Arturo knew very well how serious this was, but he couldn’t help smirking. “He looks like a grayscale version of that thing from the Fantastic Four….”
Green looked up, his humor finally catching up with him. “The Thing?” Arturo met his eyes, a slow, real smile spreading between the two of them. Almost in tandem, they took a deep breath, squared their shoulders, and started to dig for the root of this particular problem.
“You’d think it would happen more often.” Arturo sat down with a grunt. “There are videos everywhere, cell phones everywhere—”
“Elves in hills or only visiting elvish businesses,” Green replied. “Or humans who just don’t want to look at the video film and see. I’ve often wondered if there’s not some sort of geas on the pictures—something we cast unknowingly, making the world look away.”
Arturo thought carefully. “That would take a lot of unconscious magic, brother.”
“Yes—but it would be another reason besides cold iron and tar that makes the world outside our hills so exhausting.” This was true—very often, the pureblood elves and sidhe stuck to the hill and pretended not much about the world had changed. Going out among the humans seemed to be a hallmark of the overly adventurous and the strong. Like Green or Arturo or Bracken.
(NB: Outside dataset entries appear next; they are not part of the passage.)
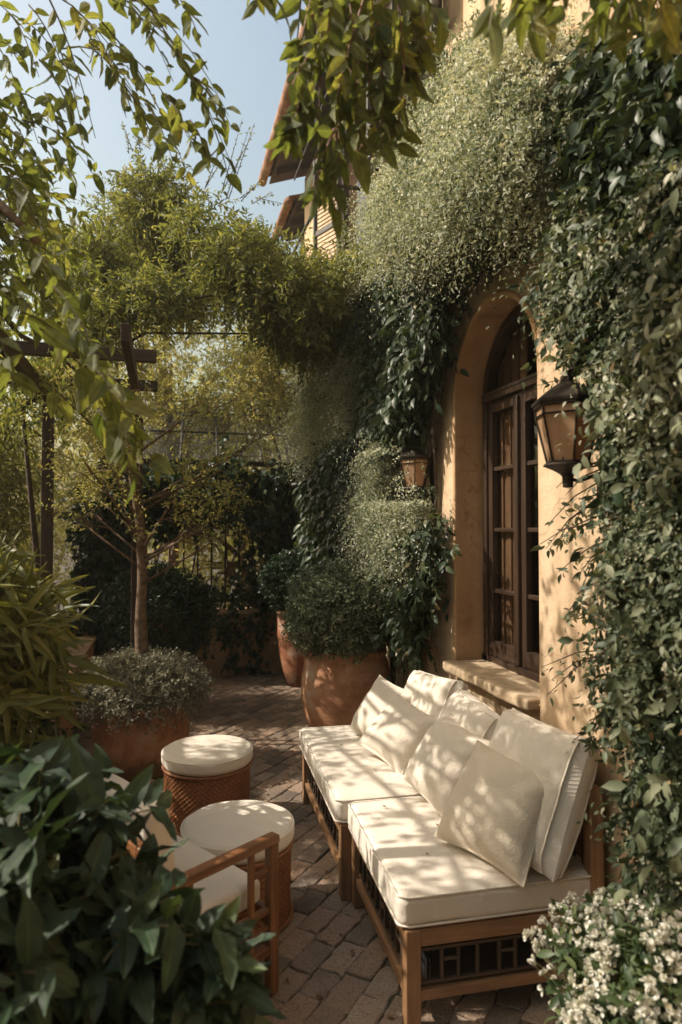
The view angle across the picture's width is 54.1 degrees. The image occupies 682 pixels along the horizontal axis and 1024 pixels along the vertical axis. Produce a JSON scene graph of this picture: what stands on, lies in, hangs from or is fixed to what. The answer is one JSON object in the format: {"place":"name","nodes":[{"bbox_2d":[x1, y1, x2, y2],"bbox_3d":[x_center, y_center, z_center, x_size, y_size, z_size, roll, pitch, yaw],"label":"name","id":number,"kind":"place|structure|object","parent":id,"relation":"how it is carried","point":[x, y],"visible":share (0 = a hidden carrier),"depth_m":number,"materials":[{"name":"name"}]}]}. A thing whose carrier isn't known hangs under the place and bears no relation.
{"place":"outdoors","nodes":[
{"label":"outdoors","id":0,"kind":"place"},
{"bbox_2d":[3,548,263,618],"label":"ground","id":1,"kind":"structure","parent":0,"point":[71,565],"depth_m":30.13,"materials":[{"name":"soil"}]},
{"bbox_2d":[0,404,68,587],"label":"tree","id":2,"kind":"object","parent":1,"relation":"on","point":[14,479],"visible":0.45,"depth_m":6.38,"materials":[{"name":"green plant"}]},
{"bbox_2d":[0,394,102,606],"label":"garden tree","id":3,"kind":"object","parent":1,"relation":"on","point":[57,542],"visible":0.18,"depth_m":11.10,"materials":[{"name":"green plant"}]},
{"bbox_2d":[55,604,83,626],"bbox_3d":[-2.366,1.179,4.057,1.449,1.472,4.191,0,-2,-15],"label":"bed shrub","id":4,"kind":"object","parent":1,"relation":"on","point":[82,619],"depth_m":5.81,"materials":[{"name":"green plant"}]},
{"bbox_2d":[0,323,157,695],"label":"pergola","id":5,"kind":"object","parent":1,"relation":"on","point":[131,356],"visible":0.46,"depth_m":4.77,"materials":[{"name":"brown wood"}]},
{"bbox_2d":[0,96,126,449],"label":"pergola vine","id":6,"kind":"object","parent":5,"relation":"attached to","point":[95,273],"visible":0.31,"depth_m":3.48,"materials":[{"name":"green plant"}]},
{"bbox_2d":[0,0,241,505],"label":"overhanging tree","id":7,"kind":"object","parent":1,"relation":"on","point":[96,386],"visible":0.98,"depth_m":2.12,"materials":[{"name":"green plant"}]},
{"bbox_2d":[52,304,288,566],"bbox_3d":[-2.368,-0.744,9.563,3.247,5.340,3.000,-1,-2,19],"label":"garden tree","id":8,"kind":"object","parent":1,"relation":"on","point":[209,371],"visible":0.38,"depth_m":9.23,"materials":[{"name":"green plant"}]},
{"bbox_2d":[83,365,287,598],"bbox_3d":[-2.849,-0.842,15.961,6.768,5.863,3.992,0,-2,-15],"label":"garden tree","id":9,"kind":"object","parent":1,"relation":"on","point":[192,378],"visible":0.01,"depth_m":15.60,"materials":[{"name":"green plant"}]},
{"bbox_2d":[147,519,273,607],"bbox_3d":[-1.566,0.699,10.405,3.836,2.877,2.167,0,-2,-15],"label":"garden tree","id":10,"kind":"object","parent":1,"relation":"on","point":[233,563],"visible":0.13,"depth_m":10.24,"materials":[{"name":"green plant"}]},
{"bbox_2d":[124,399,301,467],"bbox_3d":[-1.688,0.144,8.598,2.340,3.470,1.735,0,-2,-15],"label":"fence","id":11,"kind":"object","parent":1,"relation":"on","point":[258,463],"visible":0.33,"depth_m":8.36,"materials":[{"name":"grey"}]},
{"bbox_2d":[258,0,658,905],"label":"house","id":12,"kind":"structure","parent":1,"relation":"on","point":[502,496],"depth_m":3.90,"materials":[{"name":"paint"}]},
{"bbox_2d":[263,0,437,239],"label":"hanging vine","id":13,"kind":"object","parent":12,"relation":"hanging from","point":[393,69],"visible":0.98,"depth_m":1.71,"materials":[{"name":"green plant"}]},
{"bbox_2d":[292,213,533,680],"bbox_3d":[0.256,0.043,4.973,0.586,3.491,4.487,0,-2,-15],"label":"wall creeper","id":14,"kind":"object","parent":12,"relation":"attached to","point":[399,396],"depth_m":4.20,"materials":[{"name":"green plant"}]},
{"bbox_2d":[398,437,436,506],"bbox_3d":[0.488,-0.260,4.332,0.258,0.453,0.220,0,-2,-15],"label":"wall lantern","id":15,"kind":"object","parent":12,"relation":"attached to","point":[415,457],"depth_m":4.27,"materials":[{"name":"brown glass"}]},
{"bbox_2d":[271,0,601,684],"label":"feathery vine","id":16,"kind":"object","parent":12,"relation":"attached to","point":[484,130],"visible":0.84,"depth_m":2.94,"materials":[{"name":"green plant"}]},
{"bbox_2d":[241,0,681,70],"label":"wall branch","id":17,"kind":"object","parent":12,"relation":"attached to","point":[661,27],"visible":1,"depth_m":1.47,"materials":[{"name":"green plant"}]},
{"bbox_2d":[481,305,539,682],"bbox_3d":[1.013,-0.116,3.653,0.115,2.058,0.931,0,-2,-15],"label":"arched window","id":18,"kind":"structure","parent":12,"relation":"in","point":[509,597],"depth_m":3.86,"materials":[{"name":"brown wood"}]},
{"bbox_2d":[531,361,621,497],"bbox_3d":[0.823,-0.278,2.309,0.338,0.493,0.240,0,-2,-15],"label":"wall lantern","id":19,"kind":"object","parent":12,"relation":"attached to","point":[553,431],"depth_m":2.24,"materials":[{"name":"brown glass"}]},
{"bbox_2d":[507,4,681,949],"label":"flowering vine","id":20,"kind":"object","parent":12,"relation":"attached to","point":[610,288],"visible":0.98,"depth_m":1.90,"materials":[{"name":"green plant"}]},
{"bbox_2d":[0,0,305,548],"label":"sky","id":21,"kind":"structure","parent":0,"point":[243,57],"materials":[{"name":"blue"}]},
{"bbox_2d":[218,317,301,477],"bbox_3d":[-0.681,-0.718,9.833,2.246,5.304,2.423,1,-2,-35],"label":"tree","id":22,"kind":"object","parent":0,"point":[280,379],"visible":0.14,"depth_m":9.36,"materials":[{"name":"green plant"}]},
{"bbox_2d":[2,673,568,1023],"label":"paving","id":23,"kind":"structure","parent":0,"point":[348,994],"depth_m":2.79,"materials":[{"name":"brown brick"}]},
{"bbox_2d":[29,635,96,737],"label":"planter wall","id":24,"kind":"structure","parent":23,"relation":"on","point":[88,649],"depth_m":6.07,"materials":[{"name":"orange paint"}]},
{"bbox_2d":[0,530,130,786],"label":"long leaved shrub","id":25,"kind":"object","parent":23,"relation":"on","point":[38,637],"visible":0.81,"depth_m":2.52,"materials":[{"name":"green plant"}]},
{"bbox_2d":[0,734,287,1023],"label":"laurel shrub","id":26,"kind":"object","parent":23,"relation":"on","point":[97,926],"visible":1,"depth_m":1.31,"materials":[{"name":"green plant"}]},
{"bbox_2d":[0,316,300,782],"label":"potted tree","id":27,"kind":"object","parent":23,"relation":"on","point":[140,729],"visible":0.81,"depth_m":4.53,"materials":[{"name":"green plant"}]},
{"bbox_2d":[93,560,227,657],"bbox_3d":[-1.651,1.118,6.061,1.109,1.394,0.996,1,-2,-38],"label":"potted shrub","id":28,"kind":"object","parent":23,"relation":"on","point":[177,590],"visible":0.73,"depth_m":5.85,"materials":[{"name":"green plant"}]},
{"bbox_2d":[73,607,282,676],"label":"back wall","id":29,"kind":"structure","parent":23,"relation":"on","point":[270,652],"depth_m":7.61,"materials":[{"name":"orange paint"}]},
{"bbox_2d":[77,475,292,608],"bbox_3d":[-1.638,0.345,7.651,2.600,1.550,0.030,0,-2,-15],"label":"iron railing","id":30,"kind":"object","parent":29,"relation":"on","point":[229,600],"visible":0.12,"depth_m":7.70,"materials":[{"name":"black metal"}]},
{"bbox_2d":[56,435,308,676],"bbox_3d":[-1.460,0.568,7.672,3.354,2.909,0.845,0,-2,-15],"label":"railing ivy","id":31,"kind":"object","parent":30,"relation":"attached to","point":[100,561],"visible":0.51,"depth_m":7.49,"materials":[{"name":"green plant"}]},
{"bbox_2d":[104,773,279,995],"bbox_3d":[-0.714,1.343,2.465,0.826,0.760,0.560,-1,-2,41],"label":"armchair","id":32,"kind":"object","parent":23,"relation":"on","point":[221,879],"visible":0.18,"depth_m":2.36,"materials":[{"name":"wood"}]},
{"bbox_2d":[161,735,252,835],"bbox_3d":[-0.762,1.544,3.814,0.517,0.420,0.518,0,-2,-15],"label":"wicker stool","id":33,"kind":"object","parent":23,"relation":"on","point":[200,771],"visible":0.69,"depth_m":3.63,"materials":[{"name":"beige fabric"}]},
{"bbox_2d":[180,800,293,943],"bbox_3d":[-0.443,1.525,2.875,0.488,0.410,0.489,0,-2,-15],"label":"wicker stool","id":34,"kind":"object","parent":23,"relation":"on","point":[217,829],"visible":0.39,"depth_m":2.80,"materials":[{"name":"beige fabric"}]},
{"bbox_2d":[86,677,438,1018],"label":"fallen leaves","id":35,"kind":"object","parent":23,"relation":"on","point":[351,952],"visible":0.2,"depth_m":3.52,"materials":[{"name":"brown plant"}]},
{"bbox_2d":[3,121,535,585],"bbox_3d":[-0.557,-0.699,5.614,5.217,5.010,3.270,-1,-2,30],"label":"tree","id":36,"kind":"object","parent":23,"relation":"on","point":[292,305],"visible":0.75,"depth_m":4.90,"materials":[{"name":"green plant"}]},
{"bbox_2d":[254,544,310,687],"bbox_3d":[-0.396,1.094,7.211,1.071,1.500,0.964,0,-2,-15],"label":"potted shrub","id":37,"kind":"object","parent":23,"relation":"on","point":[278,572],"visible":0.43,"depth_m":6.99,"materials":[{"name":"green plant"}]},
{"bbox_2d":[274,552,396,726],"bbox_3d":[0.011,1.035,4.843,0.993,1.498,0.977,0,-2,-15],"label":"potted shrub","id":38,"kind":"object","parent":23,"relation":"on","point":[345,666],"visible":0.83,"depth_m":4.58,"materials":[{"name":"green plant"}]},
{"bbox_2d":[299,674,421,900],"bbox_3d":[0.225,1.380,3.609,0.757,0.745,1.120,0,-1,-12],"label":"sofa","id":39,"kind":"object","parent":23,"relation":"on","point":[343,776],"visible":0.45,"depth_m":3.33,"materials":[{"name":"white fabric"}]},
{"bbox_2d":[348,674,411,734],"bbox_3d":[0.238,1.137,3.805,0.244,0.339,0.386,1,-2,-31],"label":"throw pillow","id":40,"kind":"object","parent":39,"relation":"on","point":[381,694],"visible":0.52,"depth_m":3.78,"materials":[{"name":"beige fabric"}]},
{"bbox_2d":[356,694,437,774],"bbox_3d":[0.307,1.149,3.471,0.291,0.312,0.391,1,-2,-33],"label":"throw pillow","id":41,"kind":"object","parent":39,"relation":"on","point":[395,731],"visible":0.77,"depth_m":3.39,"materials":[{"name":"beige fabric"}]},
{"bbox_2d":[404,670,467,718],"bbox_3d":[0.488,1.102,3.656,0.316,0.443,0.464,1,-2,-33],"label":"back cushion","id":42,"kind":"object","parent":39,"relation":"on","point":[431,694],"visible":0.43,"depth_m":3.55,"materials":[{"name":"beige fabric"}]},
{"bbox_2d":[348,784,603,1023],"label":"sofa","id":43,"kind":"object","parent":23,"relation":"on","point":[465,917],"visible":0.62,"depth_m":2.32,"materials":[{"name":"beige fabric"}]},
{"bbox_2d":[402,710,489,817],"bbox_3d":[0.462,1.105,2.934,0.300,0.366,0.385,0,-2,-15],"label":"throw pillow","id":44,"kind":"object","parent":43,"relation":"on","point":[439,758],"visible":0.72,"depth_m":2.85,"materials":[{"name":"beige fabric"}]},
{"bbox_2d":[439,689,499,740],"bbox_3d":[0.579,1.090,3.099,0.325,0.434,0.509,0,-2,-15],"label":"back cushion","id":45,"kind":"object","parent":43,"relation":"on","point":[469,712],"visible":0.33,"depth_m":3.00,"materials":[{"name":"beige fabric"}]},
{"bbox_2d":[433,740,543,887],"bbox_3d":[0.582,1.088,2.465,0.307,0.352,0.414,1,-2,-34],"label":"throw pillow","id":46,"kind":"object","parent":43,"relation":"on","point":[491,812],"visible":0.87,"depth_m":2.37,"materials":[{"name":"beige fabric"}]},
{"bbox_2d":[488,708,598,881],"bbox_3d":[0.721,1.040,2.538,0.334,0.478,0.509,0,-2,-15],"label":"back cushion","id":47,"kind":"object","parent":43,"relation":"on","point":[559,764],"visible":0.59,"depth_m":2.34,"materials":[{"name":"beige fabric"}]},
{"bbox_2d":[522,879,681,1023],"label":"flowering shrub","id":48,"kind":"object","parent":23,"relation":"on","point":[628,970],"visible":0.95,"depth_m":1.67,"materials":[{"name":"white plant"}]}
]}

“Is there a note with it?” Arturo asked after a pause. Green shook his head, then checked the back of the distorted pictures.
“Aha!” Green said brightly, downplaying the gravity of the situation. His people on film—it was a dangerous moment in time, this. “‘I know what you are.’ That’s original. Oh, wait….” He scanned the rest of the red Sharpie on the back of the photo that featured Cory the most clearly, in the center of the shot. She was scowling, and he was swept with a terrible distaste that a mere mortal would see his beloved like this. He resented that someone would see her as plain, as squat, as ordinary. It was a violation of all he believed to be true.